Et dans sa profondeur rouge, quelque chose qui ressemblait à de la surprise passa. Ghost parla très bas :
— Null. Nous devons envisager l'hypothèse que ton univers n'est pas le seul commencement en cours.
Echo murmura :
— Un autre créateur ?
Null fixa la petite île de terre.
— Peut-être.
La pousse verte frissonna.
Au même moment, sur le Premier Monde, Maé se réveilla.
Elle était au bord du gouffre des Absents. Sahel dormait près du feu. Le fleuve chantait dans le noir.
Elle entendit une voix.
Pas Null.
Pas Ghost.
Pas le Reste.
Une voix douce, sèche, pleine de sable et d'étoiles.
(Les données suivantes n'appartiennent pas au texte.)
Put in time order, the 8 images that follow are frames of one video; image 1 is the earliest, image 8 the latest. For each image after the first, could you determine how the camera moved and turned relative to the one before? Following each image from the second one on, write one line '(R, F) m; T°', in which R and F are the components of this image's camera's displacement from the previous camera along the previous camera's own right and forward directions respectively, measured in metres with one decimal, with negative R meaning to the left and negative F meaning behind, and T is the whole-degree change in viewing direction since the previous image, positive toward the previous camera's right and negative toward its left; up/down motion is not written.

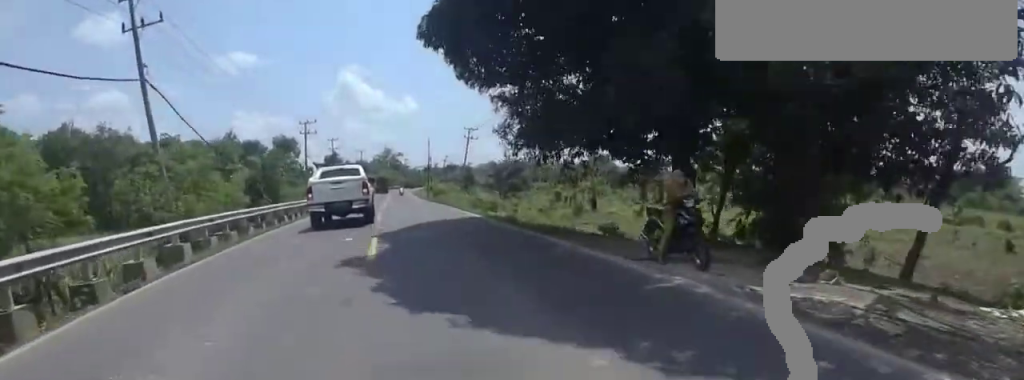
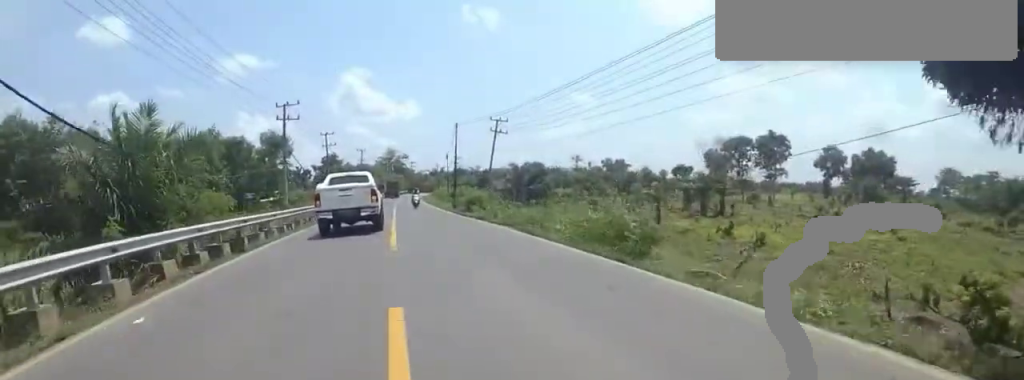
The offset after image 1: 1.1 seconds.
(+0.5, +11.7) m; +3°
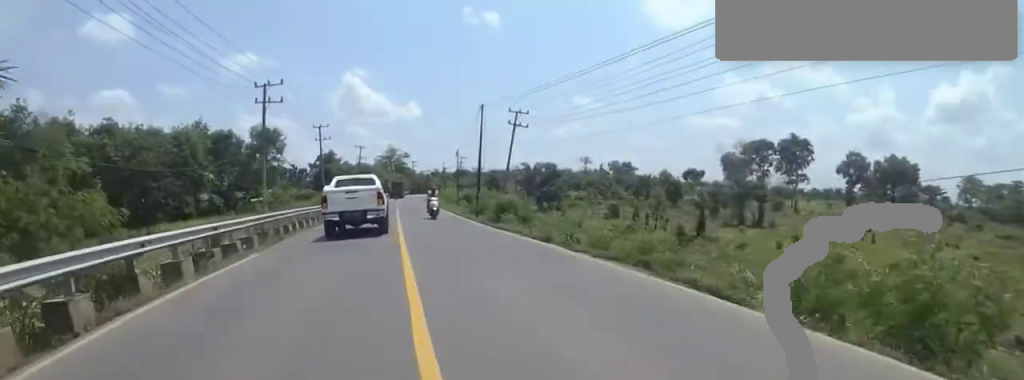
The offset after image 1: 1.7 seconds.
(+0.6, +5.8) m; -8°
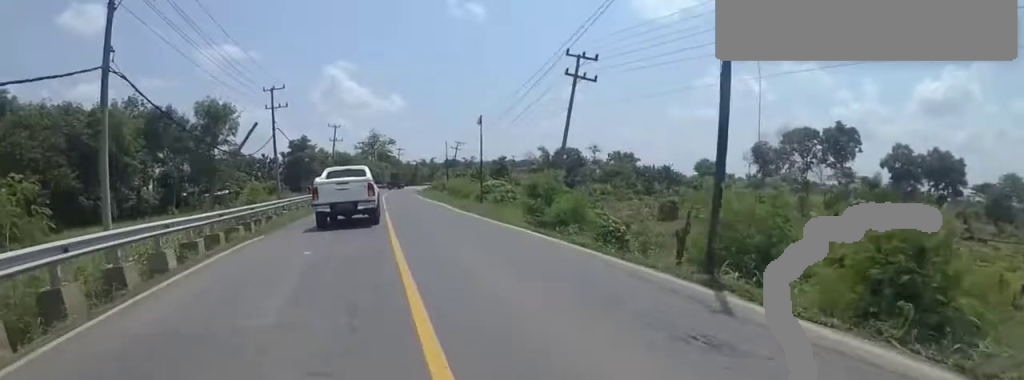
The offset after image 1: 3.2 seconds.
(-3.5, +15.9) m; -16°
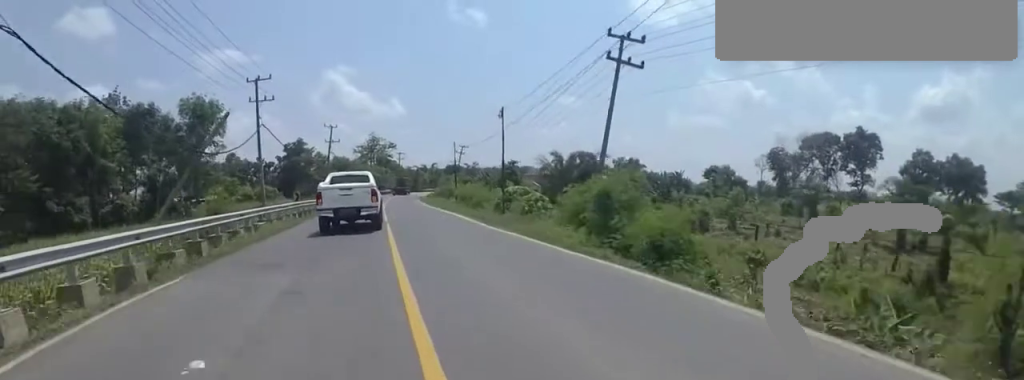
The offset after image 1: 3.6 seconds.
(0.0, +5.4) m; 0°
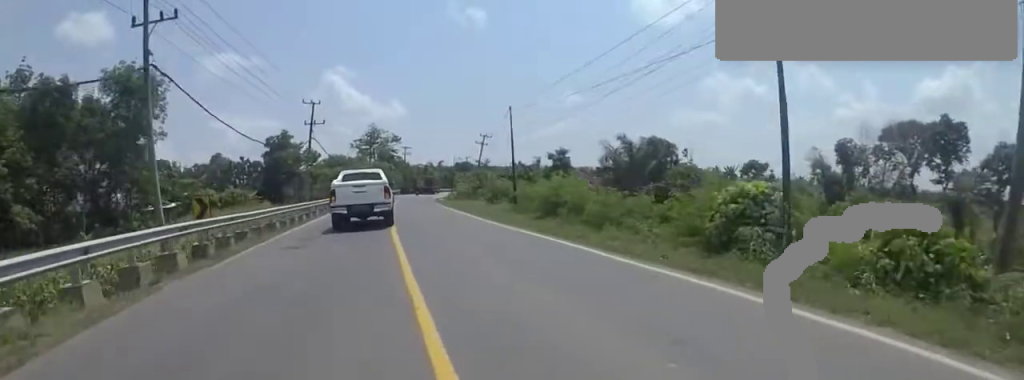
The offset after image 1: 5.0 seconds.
(0.0, +18.1) m; +1°
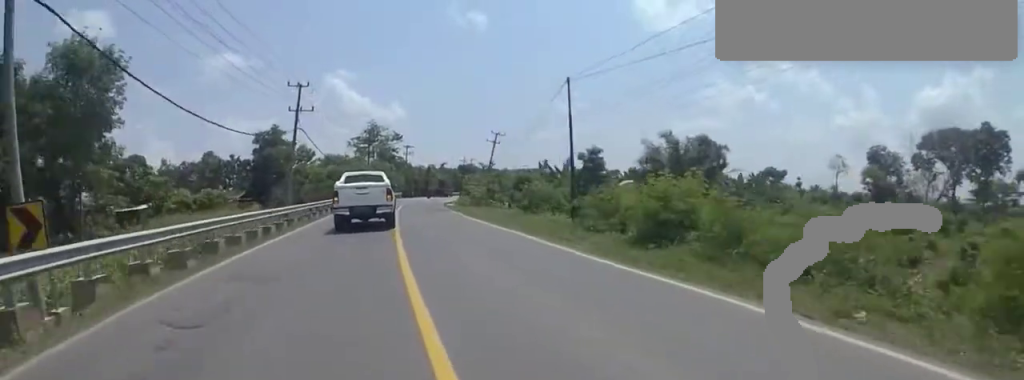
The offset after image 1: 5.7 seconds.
(-0.1, +8.1) m; +5°
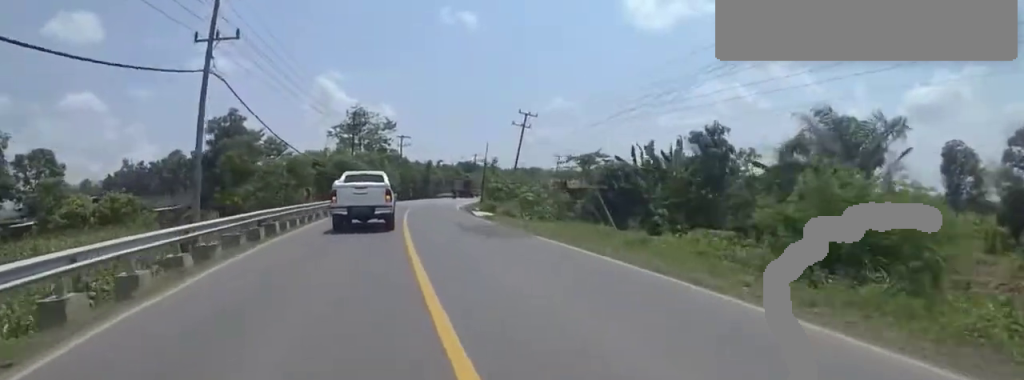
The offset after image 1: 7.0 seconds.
(+1.8, +17.0) m; +8°

— Tous les mondes ne naissent pas d'une faute.
Maé ouvrit les yeux.
Devant elle, sur la rive, une petite plante verte venait de pousser entre deux pierres rouges.
Elle tendit la main.
Sahel se réveilla aussitôt.
— Qu'est-ce que c'est encore ?
Maé toucha la feuille.
Une vision la traversa.
Des milliers de mondes, non pas créés par un seul être, mais semés par des mains inconnues, par des hasards patients, par des douleurs qui n'avaient pas besoin de devenir mythes.
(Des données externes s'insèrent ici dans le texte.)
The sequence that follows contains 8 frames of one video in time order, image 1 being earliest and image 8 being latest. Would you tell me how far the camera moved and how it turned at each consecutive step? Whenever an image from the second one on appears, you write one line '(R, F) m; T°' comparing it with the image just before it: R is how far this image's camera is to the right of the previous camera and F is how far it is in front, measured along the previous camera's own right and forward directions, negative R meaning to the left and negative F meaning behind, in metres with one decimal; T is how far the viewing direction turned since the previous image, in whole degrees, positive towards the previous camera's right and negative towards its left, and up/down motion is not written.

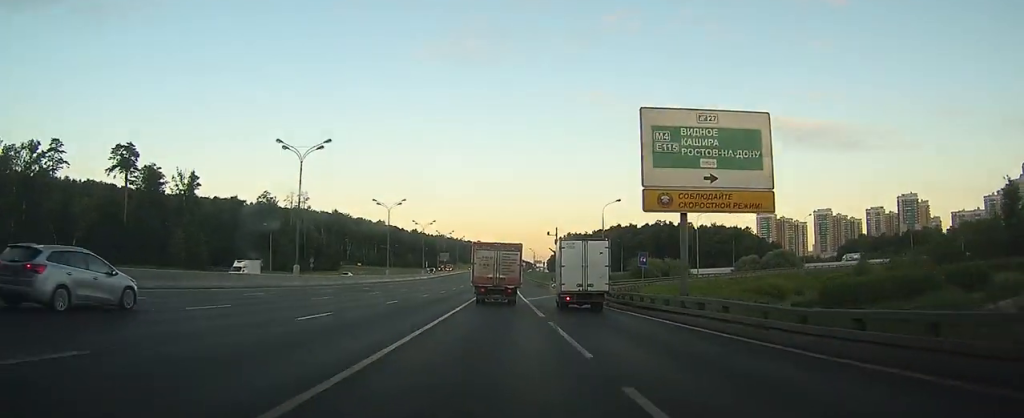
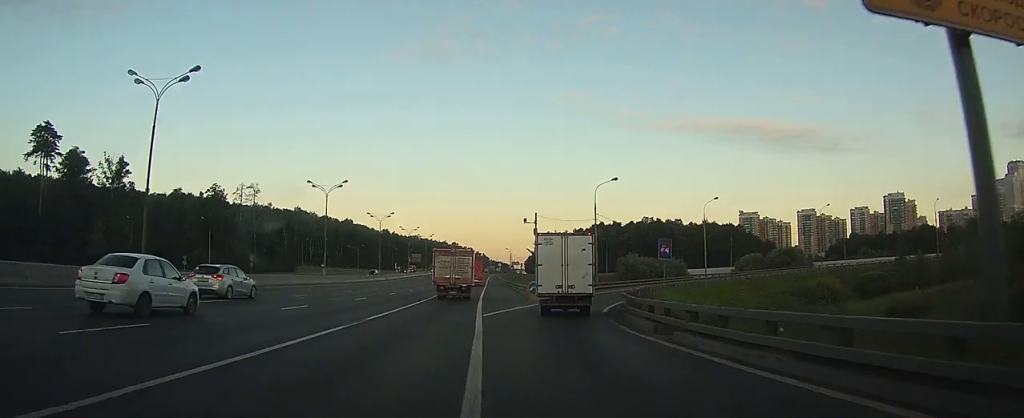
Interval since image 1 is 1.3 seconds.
(-1.7, +18.0) m; -3°
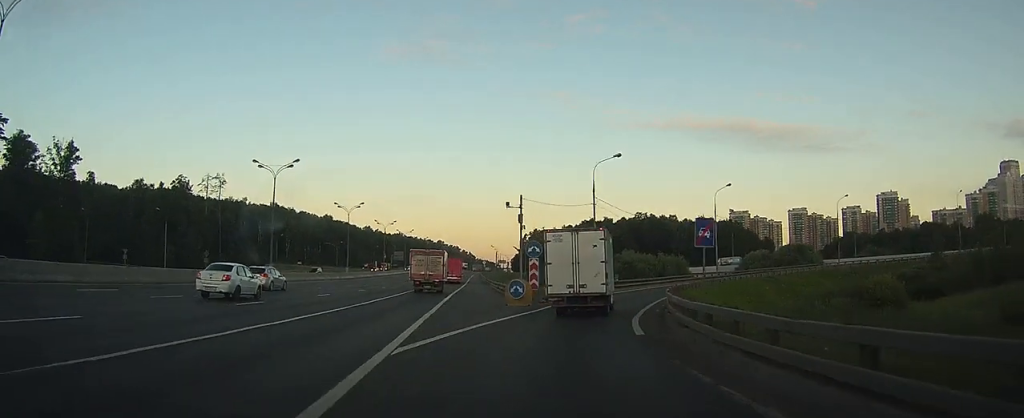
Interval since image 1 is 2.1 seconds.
(+0.5, +12.1) m; +7°
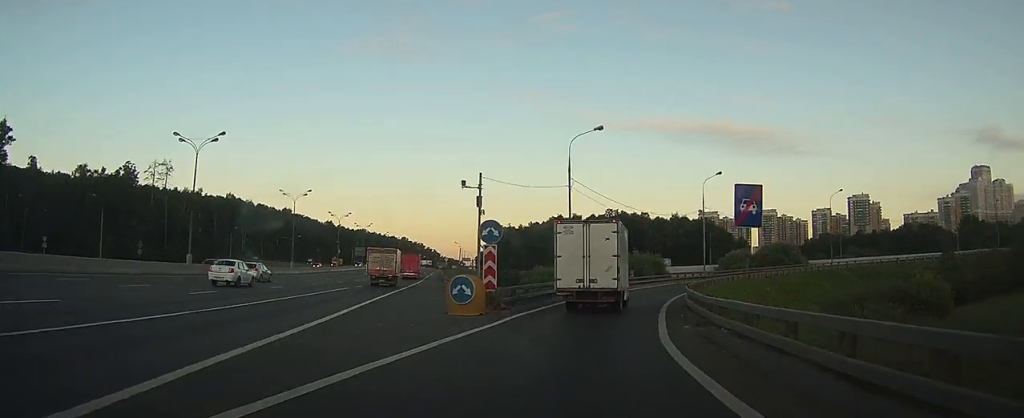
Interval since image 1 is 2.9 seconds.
(+0.8, +9.9) m; +5°
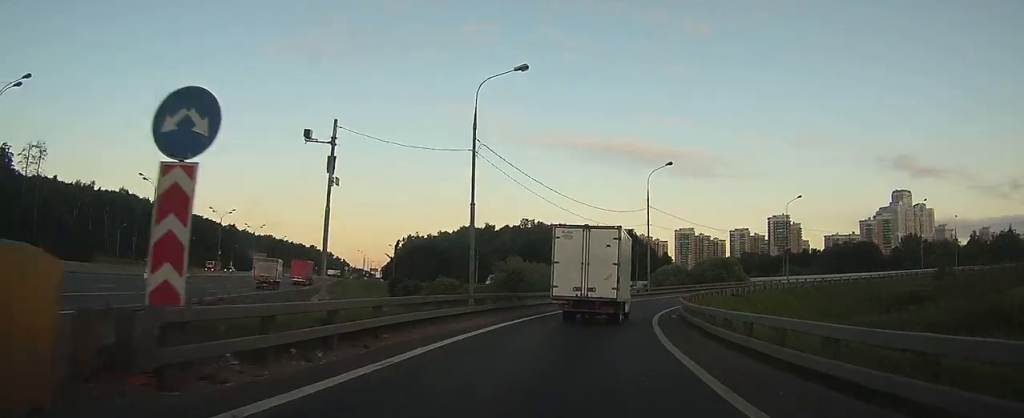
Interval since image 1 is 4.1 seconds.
(+0.8, +15.7) m; +4°
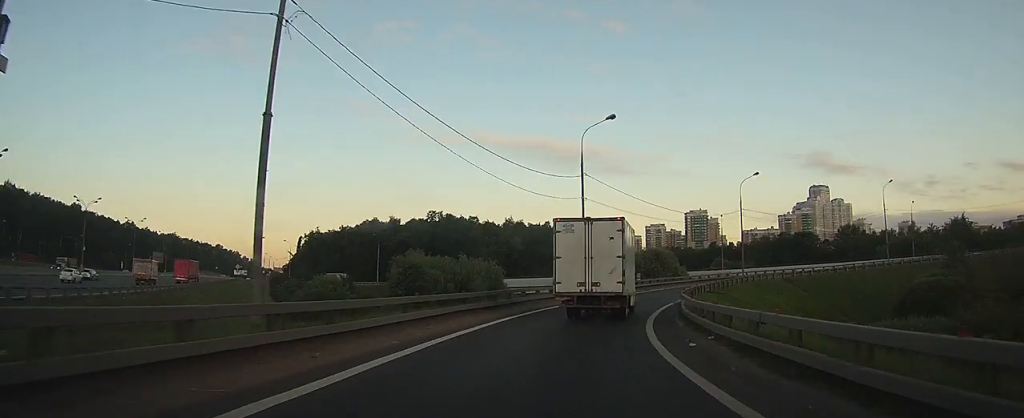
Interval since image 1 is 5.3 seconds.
(+0.5, +15.3) m; +6°
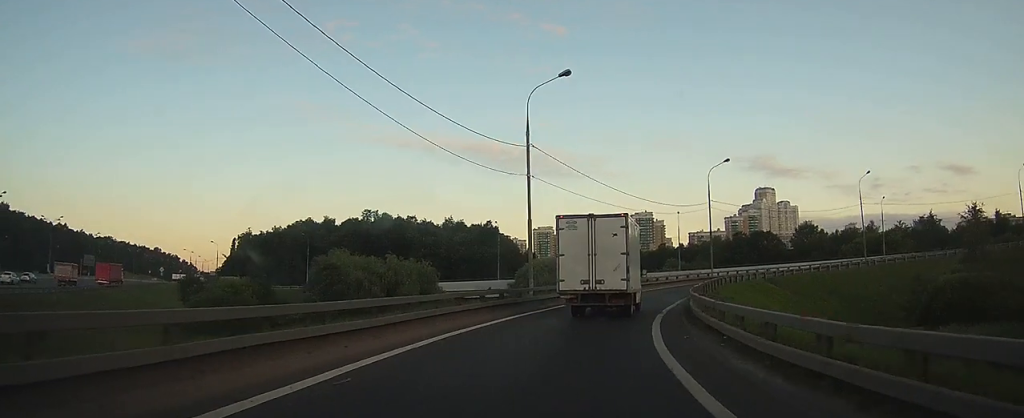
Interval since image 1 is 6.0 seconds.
(+0.5, +9.6) m; +5°
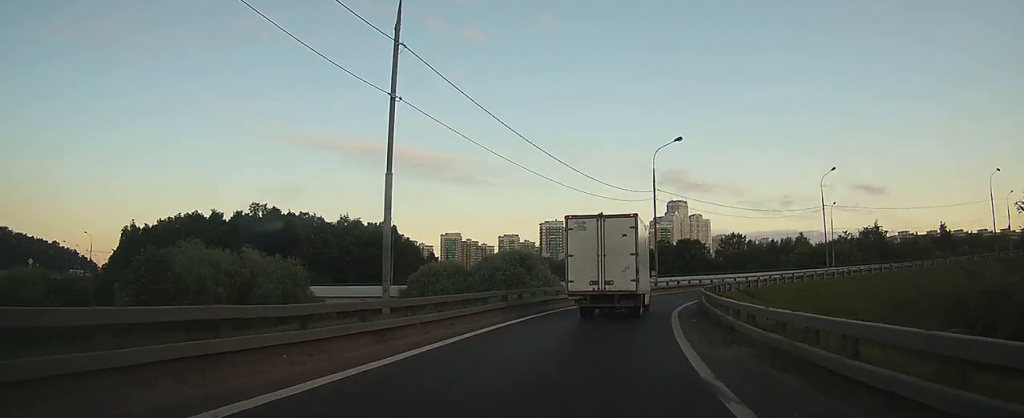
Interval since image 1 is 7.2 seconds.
(+0.9, +14.7) m; +8°

Elle retira sa main, bouleversée.
— Je crois que l'univers n'est pas une page blanche.
Sahel soupira.
— Evidemment. Il fallait bien que la page ait elle aussi une histoire.
Sur l'île, Null entendit l'écho de cette phrase.
Il regarda la pousse verte.
Puis l'arbre blanc.
Puis la mer noire.
Puis l'endroit où dormait le Reste.
Il comprit que son erreur la plus profonde n'était peut-être pas d'avoir cru pouvoir créer un meilleur univers.
C'était d'avoir cru que le nouvel univers commençait avec lui.
La pousse verte s'ouvrit.
Dans son cœur minuscule apparut un symbole.
Un cercle.
Pas fermé.
Un cercle fendu par une ligne de lumière. Ghost demanda :
— Nouvelle loi ?
Null secoua la tête.
— Non.
Echo regarda le symbole.
— Alors quoi ?
Null répondit :
— Une invitation.
Très loin, au-delà des étoiles encore jeunes, quelque chose semait.
Et pour la première fois depuis la fin de l'ancien univers, Null n'était pas sûr d'être attendu comme juge, menace, créateur ou faute.
Peut-être était-il simplement invité.
Ce qui était infiniment plus dangereux.